Early in the shoot, NASCAR driver Hut Stricklin, hired as a consultant and stunt driver, told Cruise that stock cars are built to turn left. "He didn't really know what I was talking about," Stricklin later recalled. Cruise figured it out soon enough when he turned left without trouble, then tried going back to the right and spun out. The car grazed a track wall, destroying an expensive camera that had been attached to the right side of the vehicle. "[He] understood then," Stricklin said. "Too bad he had to kill a $100,000 camera." (By the way, Stricklin said he got paid more for the Days of Thunder job—for which he was a contractor, not even mentioned in the credits—than he “ever thought about making driving.”)

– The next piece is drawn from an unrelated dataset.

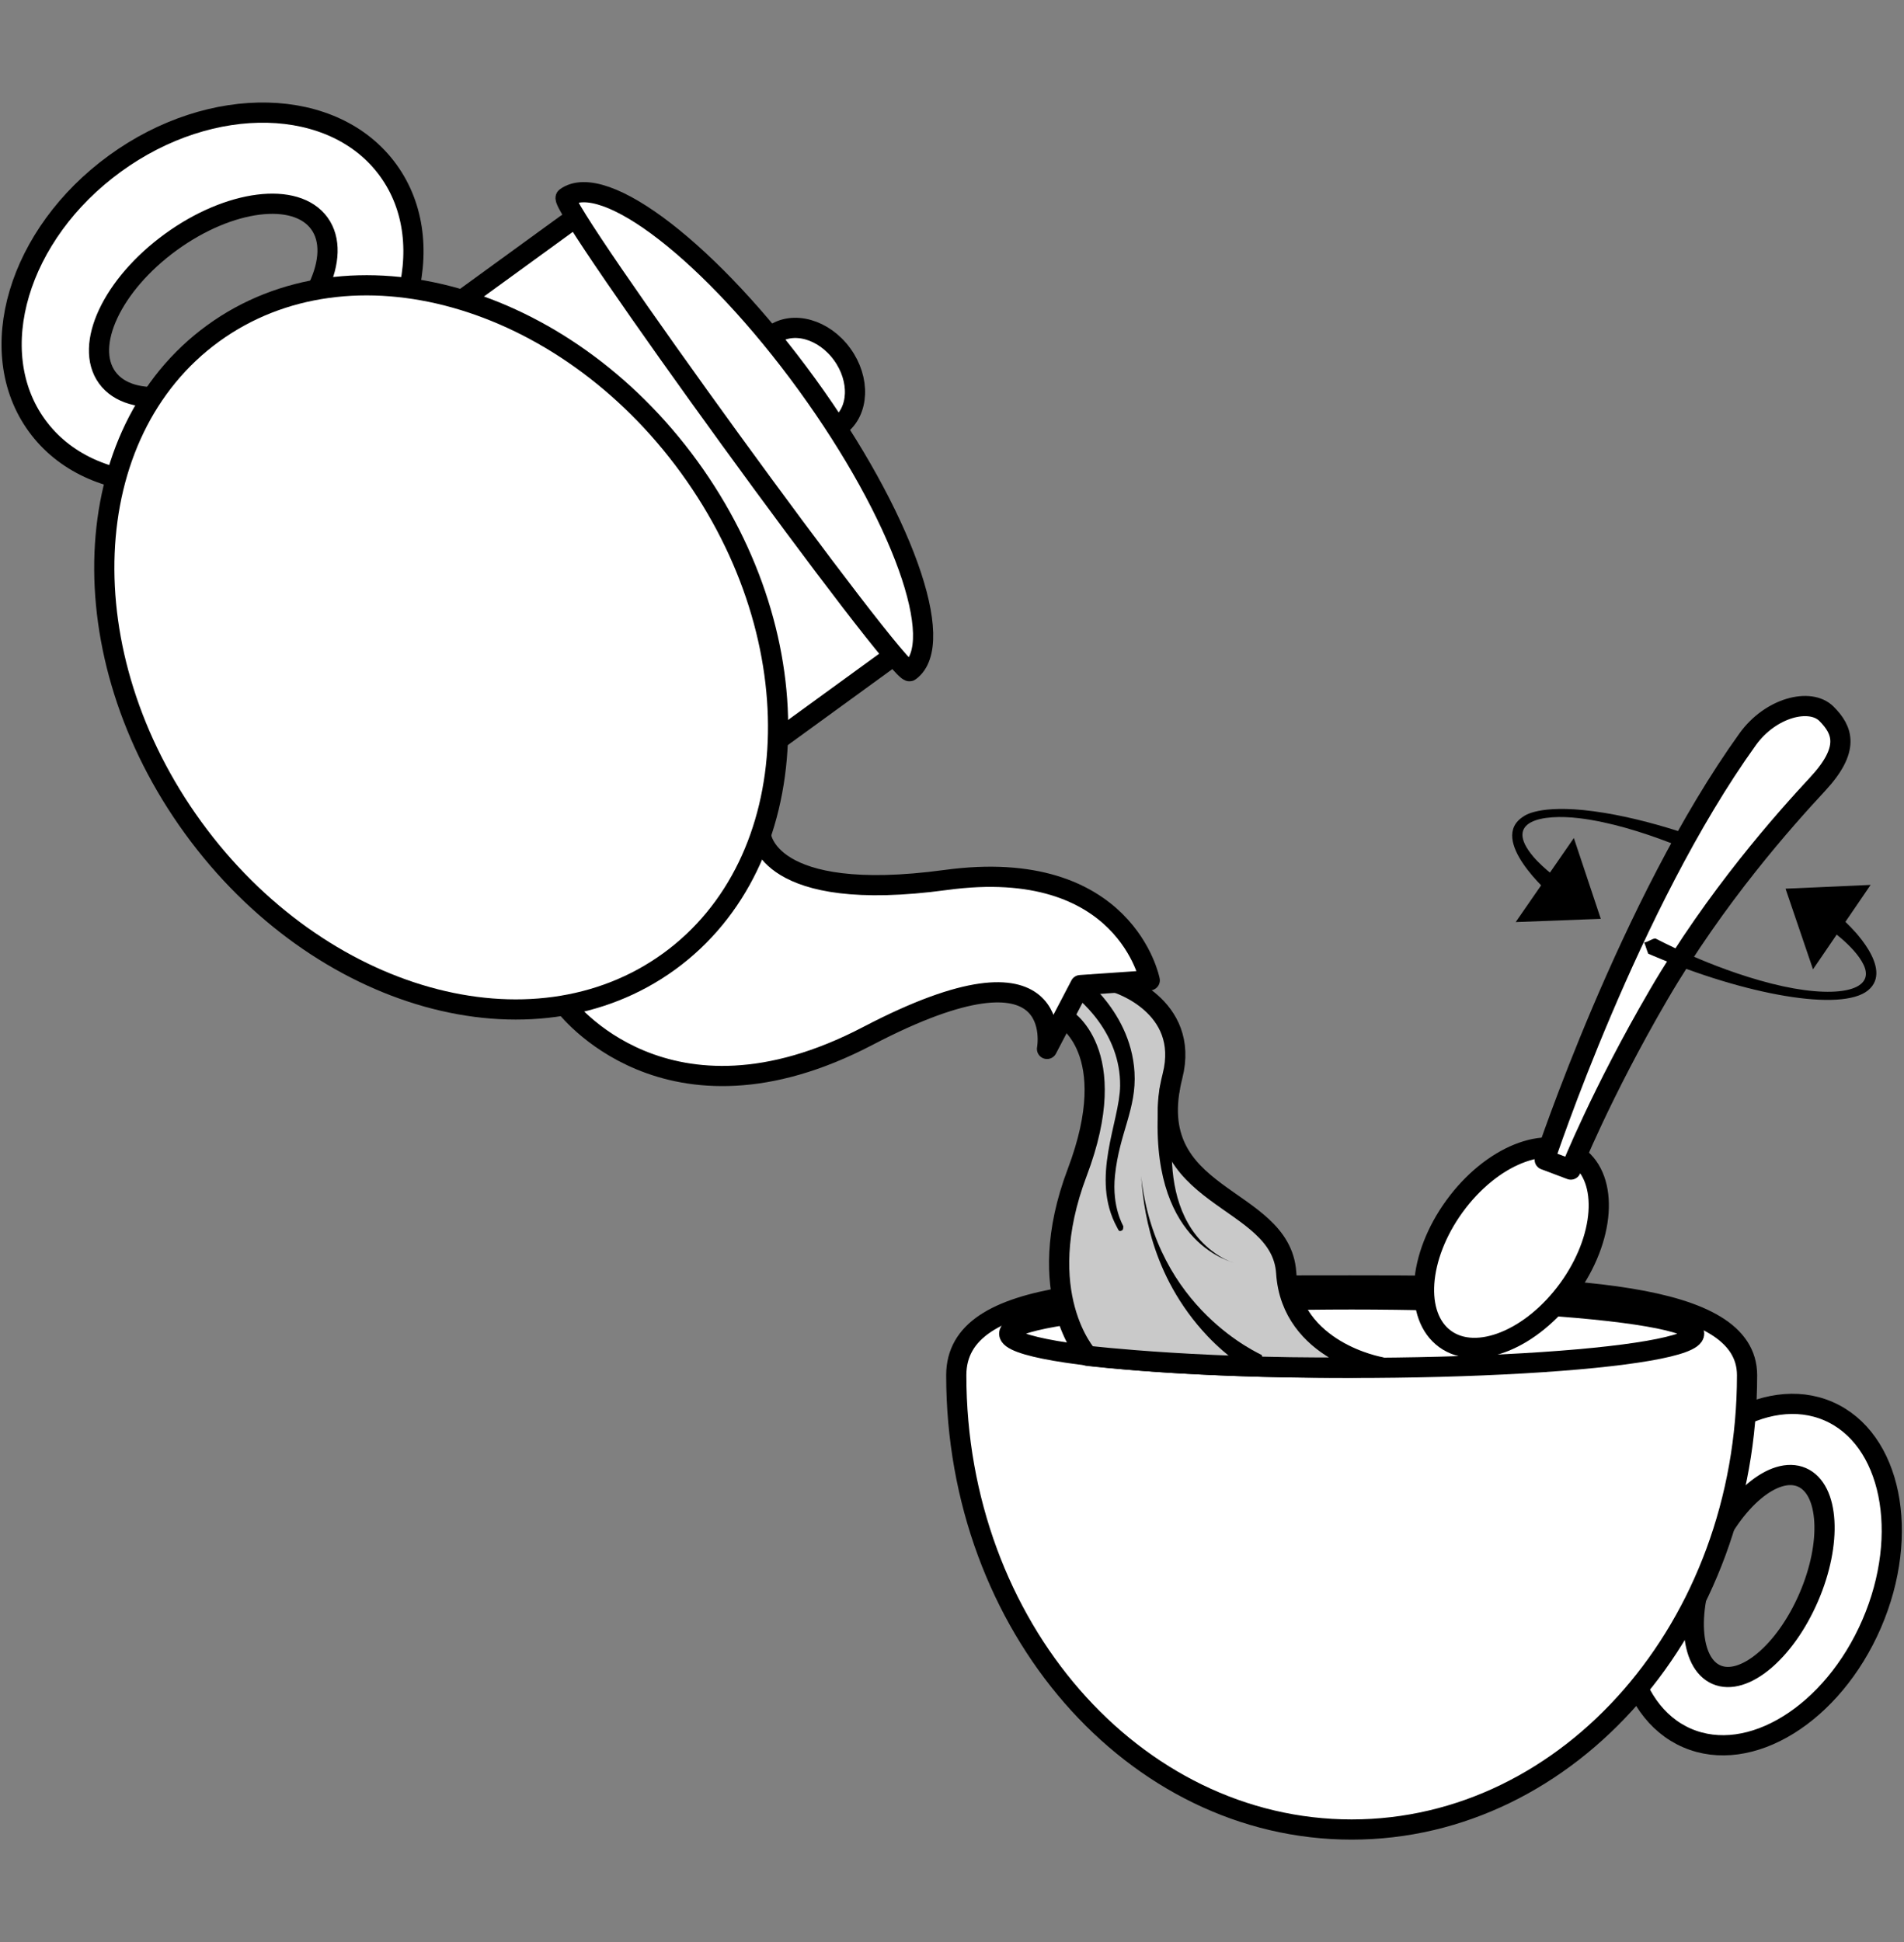 <?xml version="1.0" encoding="UTF-8" standalone="no"?><!DOCTYPE svg PUBLIC "-//W3C//DTD SVG 1.1//EN" "http://www.w3.org/Graphics/SVG/1.1/DTD/svg11.dtd"><svg width="100%" height="100%" viewBox="0 0 2084 2125" version="1.1" xmlns="http://www.w3.org/2000/svg" xmlns:xlink="http://www.w3.org/1999/xlink" xml:space="preserve" xmlns:serif="http://www.serif.com/" style="fill-rule:evenodd;clip-rule:evenodd;stroke-linecap:round;stroke-linejoin:round;stroke-miterlimit:1.5;"><rect x="0" y="0" width="2084" height="2125" fill="#808080" stroke="none"/><g id="STEP-2" serif:id="STEP 2"><g id="cup"><path d="M2001.28,1544.04c68.802,29.775 89.994,134.06 47.299,232.743c-42.703,98.67 -133.236,154.613 -202.038,124.84c-68.811,-29.776 -90.003,-134.059 -47.299,-232.74c42.702,-98.674 133.229,-154.616 202.038,-124.843Zm-29.076,72.372c-29.915,-12.947 -75.138,24.931 -100.936,84.532c-25.788,59.593 -22.438,118.488 7.477,131.435c29.917,12.947 75.138,-24.931 100.928,-84.532c25.787,-59.593 22.447,-118.488 -7.469,-131.435Z" style="fill:#fff;stroke:#000;stroke-width:22.1px;"/><path d="M1477.79,1406.41c236.187,-0 434.435,5.274 434.435,98.346c0,274.313 -193.925,497.031 -432.782,497.031c-238.856,0 -432.773,-222.718 -432.773,-497.031c0,-97.526 176.983,-98.346 431.12,-98.346Z" style="fill:#fff;stroke:#000;stroke-width:22.1px;"/><ellipse cx="1479.45" cy="1459.24" rx="374.859" ry="37.481" style="fill:#fff;stroke:#000;stroke-width:22.1px;"/></g><g id="water"><path d="M1164.06,1113.13c-0,0 65.47,36.2 15.017,169.622c-50.456,133.414 11.258,200.695 11.258,200.695c-0,0 134.466,16.112 320.605,12.32c-0,-0 -97.541,-16.818 -103.153,-103.145c-5.604,-86.326 -159.204,-78.559 -124.444,-215.294c19.681,-77.438 -61.686,-102.324 -61.678,-102.156c0.009,0.167 -43.713,-22.263 -43.713,-22.263l-33.635,29.156l19.743,31.065Z" style="fill:#c9c9c9;stroke:#000;stroke-width:22.1px;"/><path d="M1282.54,1178.85c2.289,4.674 6.682,8.102 8.962,12.779c0.203,0.405 -35.608,121.977 34.52,176.673c11.903,9.279 20.264,12.003 24.559,13.373c-11.852,-3.659 -98.567,-30.35 -81.297,-189.817c0.123,-1.105 0.246,-2.202 0.379,-3.296c0.143,-1.281 0.919,-0.698 12.877,-9.712Z"/><path d="M1385.06,1497.7c-5.197,0.371 -9.915,3.659 -15.112,4.03c-0.045,0 -25.735,-15.971 -48.182,-39.717c-63.826,-67.546 -70.429,-144.833 -72.735,-175.217c15.757,146.335 131.77,195.058 131.999,195.826c1.521,4.975 2.52,10.102 4.03,15.078Z"/><path d="M1155.87,1068.43c1.195,-1.97 0.955,-4.613 2.157,-6.584c0.327,-0.538 12.548,-1.917 14.273,-1.669c3.031,0.441 65.239,41.925 69.456,113.007c2.377,40.247 -16.633,66.61 -21.378,113.061c-3.564,34.899 9.173,54.846 9.129,55.49c-0.106,1.549 0.016,3.712 -1.345,4.446c-3.489,1.875 -3.648,0.179 -5.549,-3.296c-29.589,-54.112 2.951,-115.198 3.394,-154.872c0.636,-56.641 -42.608,-95.995 -63.799,-108.297c-2.503,-1.448 -0.628,-2.819 -6.338,-11.286Z"/></g><g id="kettle"><path d="M424.862,186.273c58.94,81.122 20.655,209.568 -85.442,286.651c-106.106,77.092 -240.094,73.812 -299.031,-7.318c-58.94,-81.121 -20.655,-209.567 85.442,-286.65c106.096,-77.092 240.094,-73.813 299.031,7.317Zm-75.314,58.117c-25.629,-35.271 -98.461,-26.106 -162.542,20.451c-64.083,46.557 -95.299,112.999 -69.676,148.261c25.628,35.271 98.458,26.106 162.542,-20.451c64.072,-46.557 95.296,-112.99 69.676,-148.261Z" style="fill:#fff;stroke:#000;stroke-width:22.1px;"/><path d="M968.152,724.686l-351.494,255.374c-21.289,15.473 -51.134,10.746 -66.609,-10.543l-292.264,-402.276c-15.472,-21.289 -10.745,-51.134 10.544,-66.609l351.494,-255.366c21.289,-15.473 51.142,-10.745 66.609,10.544l292.264,402.275c15.475,21.289 10.745,51.134 -10.544,66.601Z" style="fill:#fff;stroke:#000;stroke-width:22.1px;"/><path d="M1258.44,1072.64c-0,0 -26.248,-136.553 -223.213,-109.817c-196.956,26.734 -202.428,-49.448 -202.428,-49.448l-214.561,186.546c0,0 110.808,148.906 331.483,33.636c220.687,-115.279 196.278,14.115 196.278,14.115l36.491,-69.818l75.95,-5.214l0,0Z" style="fill:#fff;stroke:#000;stroke-width:22.1px;"/><path d="M754.411,511.068c137.771,189.622 127.952,431.96 -21.9,540.842c-149.852,108.871 -383.362,43.322 -521.131,-146.3c-137.77,-189.621 -127.952,-431.961 21.9,-540.831c149.852,-108.879 383.371,-43.322 521.131,146.291l0,-0.002Z" style="fill:#fff;stroke:#000;stroke-width:22.1px;"/><path d="M921.736,387.608c19.981,27.502 18.559,62.658 -3.181,78.451c-21.741,15.802 -55.616,6.285 -75.598,-21.219c-19.983,-27.503 -18.56,-62.66 3.181,-78.451c21.732,-15.802 55.607,-6.293 75.598,21.219Z" style="fill:#fff;stroke:#000;stroke-width:22.1px;"/><path d="M883.028,420.35c103.904,143.02 154.438,283.718 112.768,313.987c-10.658,7.75 -387.197,-510.512 -376.539,-518.26c41.67,-30.269 159.866,61.262 263.771,204.274l0,-0.001Z" style="fill:#fff;stroke:#000;stroke-width:22.1px;"/></g><g id="spoon"><path d="M1726.86,1265.27c34.396,24.995 29.8,90.039 -10.252,145.161c-40.053,55.127 -100.493,79.601 -134.89,54.608c-34.397,-24.986 -29.8,-90.03 10.251,-145.16c40.054,-55.131 100.494,-79.593 134.89,-54.609l0.001,0Z" style="fill:#fff;stroke:#000;stroke-width:22.1px;"/><path d="M1658.98,1008.9l93.149,-3.545l-29.482,-88.422l-63.667,91.967Z"/><path d="M1886.95,937.521c-4.286,0.636 -7.803,4.163 -12.09,4.8c-0.087,0.008 -78.328,-39.064 -146.899,-47.132c-39.468,-4.639 -83.198,2.606 -49.66,42.164c11.791,13.912 30.588,26.929 30.596,26.937c0.848,0.611 0.098,0.921 1.309,12.939c-4.331,-0.363 -8.652,1.652 -12.983,1.292c-0.185,-0.02 -69.711,-60.16 -29.623,-85.266c0.352,-0.223 16.252,-13.575 76.233,-5.666c65.018,8.582 130.656,34.864 137.41,37.471c0.299,0.116 0.759,0.053 0.901,0.345c2.721,5.939 2.085,6.177 4.806,12.116Z"/><path d="M1690.74,1268.93c0,0 92.858,-280.419 222.242,-460.186c24.869,-34.556 68.228,-45.675 86.167,-27.741c17.931,17.939 26.011,38.566 -9.871,77.134c-35.873,38.568 -111.213,122.88 -173.996,230.513c-62.794,107.634 -95.977,191.045 -95.977,191.045l-28.565,-10.765Z" style="fill:#fff;stroke:#000;stroke-width:22.1px;"/><path d="M2047.46,968.216l-93.114,4.145l30.049,88.227l63.065,-92.372Z"/><path d="M1799.64,1031.19c4.312,-0.407 7.926,-3.977 12.249,-4.384c0.591,-0.053 58.15,31.869 126.908,49.351c68.801,17.498 114.925,8.899 101.051,-20.371c-10.244,-21.626 -41.944,-42.289 -41.979,-42.608c-0.478,-4.312 -0.963,-8.624 -1.441,-12.938c4.34,0.337 8.635,-1.758 12.973,-1.413c0.053,0 8.325,7.485 13.965,13.299c0.661,0.681 50.285,47.618 21.297,71.446c-29.067,23.887 -133.987,5.099 -235.001,-37.702c-0.452,-0.187 -5.604,-2.378 -5.621,-2.414c-1.688,-3.994 -2.704,-8.263 -4.401,-12.266Z"/></g></g></svg>

14. IT WOULDN'T HAVE HAPPENED WITHOUT NASCAR'S SUPPORT.

The National Association for Stock Car Auto Racing truly has national popularity now, but in 1990, it was mostly a regional thing, big in the Southeast quadrant of the U.S. and small everywhere else. Simpson and Bruckheimer needed NASCAR's full cooperation if the film was to be authentic, and the association's president, Bill France Jr., was noncommittal at first. He got onboard when Simpson convinced him that the film would show the public that NASCAR was a high-tech, professional sport. From then on, NASCAR's support was full and unconditional, even allowing producers to enter movie cars in the real Winston Cup (now Sprint Cup Series) races, including the 1990 Daytona 500.

15. THE SCENE WHERE NASCAR BOSS BIG JOHN THREATENS TO FIRE TRICKLE AND BURNS IF THEY BUMP EACH OTHER ON THE TRACK AGAIN—THEN FORCES THEM TO DRIVE TO DINNER TOGETHER—WAS BASED ON A REAL INCIDENT WITH GEOFF BODINE AND DALE EARNHARDT. 

Bodine and Earnhardt did not, however, destroy two rental cars in the process. But such shenanigans were attributed to 1950s racers Curtis Turner and Joe Weatherly, who were the Cole Trickles of their day.